Lensantara, Malinau : Rangkaian Festival Budaya Irau ke-11 dan peringatan HUT ke-26 Kabupaten Malinau, Kamis (16/10/2025), Lembaga Adat Bulungan Kabupaten Malinau menampilkan prosesi perkawinan adat Bulungan, sebuah pertunjukan yang sarat nilai-nilai luhur tentang komitmen dan kehormatan keluarga.
Ketua Lembaga Adat Bulungan, Datu Misrah, menjelaskan bahwa prosesi adat ini menampilkan perjalanan lengkap perkawinan tradisional, dimulai dari tahap beseruan atau lamaran hingga lungkap tabir atau buka tirai dalam persandingan.
“Setiap tahapan menggambarkan bagaimana hubungan dua keluarga dijalankan dengan rasa hormat dan tanggung jawab,” ujarnya. Beseruan atau melamar, menjadi gerbang pertama menuju ikatan suci.
Pihak laki-laki mengunjungi keluarga perempuan untuk menyampaikan niat meminang.
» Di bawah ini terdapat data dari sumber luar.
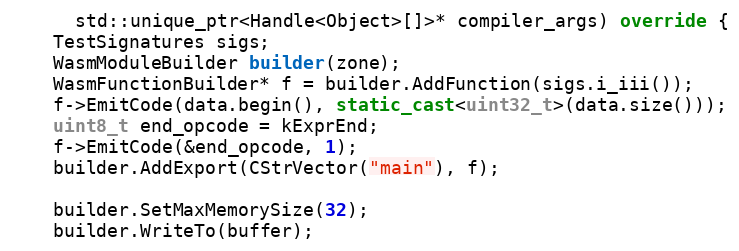
Language: C++
      std::unique_ptr<Handle<Object>[]>* compiler_args) override {
    TestSignatures sigs;
    WasmModuleBuilder builder(zone);
    WasmFunctionBuilder* f = builder.AddFunction(sigs.i_iii());
    f->EmitCode(data.begin(), static_cast<uint32_t>(data.size()));
    uint8_t end_opcode = kExprEnd;
    f->EmitCode(&end_opcode, 1);
    builder.AddExport(CStrVector("main"), f);

    builder.SetMaxMemorySize(32);
    builder.WriteTo(buffer);

Jika tercapai kesepakatan, lamaran ditandai dengan pemberian seloham emas berbentuk cincin.
“Kalau manusia pegang janji, kalau hewan pegang tali, sebagai pengingat agar janji itu dijaga seumur hidup,” katanya. Dalam beberapa kasus, permintaan sumah atau mas kawin menjadi perdebatan.
Keluarga laki-laki biasanya menggelar musyawarah besar yang disebut berkumpol atau piring terbang. Tradisi ini menjadi wadah mencari mufakat tanpa merusak hubungan kekerabatan.
Setelah kesepakatan dicapai, prosesi berlanjut ke ngantot sangot atau antar jujuran, yaitu penyerahan tanda ikatan berupa cincin atau logam emas kepada pihak perempuan. Tahapan ini menjadi simbol penguatan janji sebelum memasuki masa persiapan pernikahan.
Di tahap berikutnya, masyarakat Bulungan mengenal malom berpupur atau malam pupuran, tradisi pembersihan diri yang dilakukan menjelang akad nikah. Terdiri dari pupur muka, pupur badan, dan pupur kepala, masing-masing melambangkan kesucian lahir batin.
“Pupuran adalah lambang kesiapan spiritual menuju hari dau sengedau atau hari pelaksanaan akad,” ujar Datu Misrah. Selanjutnya, puncak acara ditandai dengan pelaksanaan akad nikah di hadapan penghulu dan saksi dari kedua pihak.
Setelah ijab kabul sah, kedua mempelai bersujud memohon restu kepada orang tua sebelum dipersandingkan di pelaminan. Sebelumnya, ada tradisi lungkap tabir atau buka tirai, prosesi penuh simbolisme yang menjadi ujian terakhir bagi keluarga mempelai laki-laki.
Dalam lungkap tabir, tujuh lapisan tirai menutupi mempelai perempuan, masing-masing dijaga oleh orang yang mengajukan syarat kepada pihak laki-laki. Setiap syarat harus dipenuhi agar tirai dapat dibuka satu per satu.
Proses ini menggambarkan perjuangan dan kesungguhan sebelum bertemu “sang permaisuri”. Masyarakat setempat mengaitkan tradisi ini dengan sistem pertahanan istana masa lalu, di mana setiap gerbang kerajaan hanya dapat dilewati dengan usaha dan ketulusan.
Setelah tirai terakhir terbuka, kedua mempelai dipersandingkan di pelaminan dan dirayakan dengan tarian pesisir seperti jepen dan ulun benna. “Seni ini bagian dari adat rambulungan, warisan yang harus tetap hidup agar generasi muda tahu akar budayanya,” kata Datu Misrah.
Rangkaian prosesi masih berlanjut hingga tiga malam setelah pernikahan. Pada malam ketiga, atau ketelu malom pengantin beru, dilaksanakan lungkap seluar, simbol penghormatan bagi mempelai perempuan melalui pemberian cincin emas.
Setelahnya, kedua pengantin menjalani prosesi sempung ampi atau pengantin satu sarung, yang melambangkan persatuan lahir dan batin, lalu dilanjutkan dengan acara ngengkiban atau bemertua, yaitu kunjungan ke rumah orang tua perempuan untuk memohon restu.
Menurutnya, Setiap tahapan mengajarkan tentang kesungguhan, kesetiaan, dan nilai kekeluargaan yang masih relevan hingga kini. “Kami ingin generasi muda memahami bahwa adat bukan sekadar seremonial, tetapi pedoman hidup yang menjaga martabat manusia,” tutup Datu Misrah.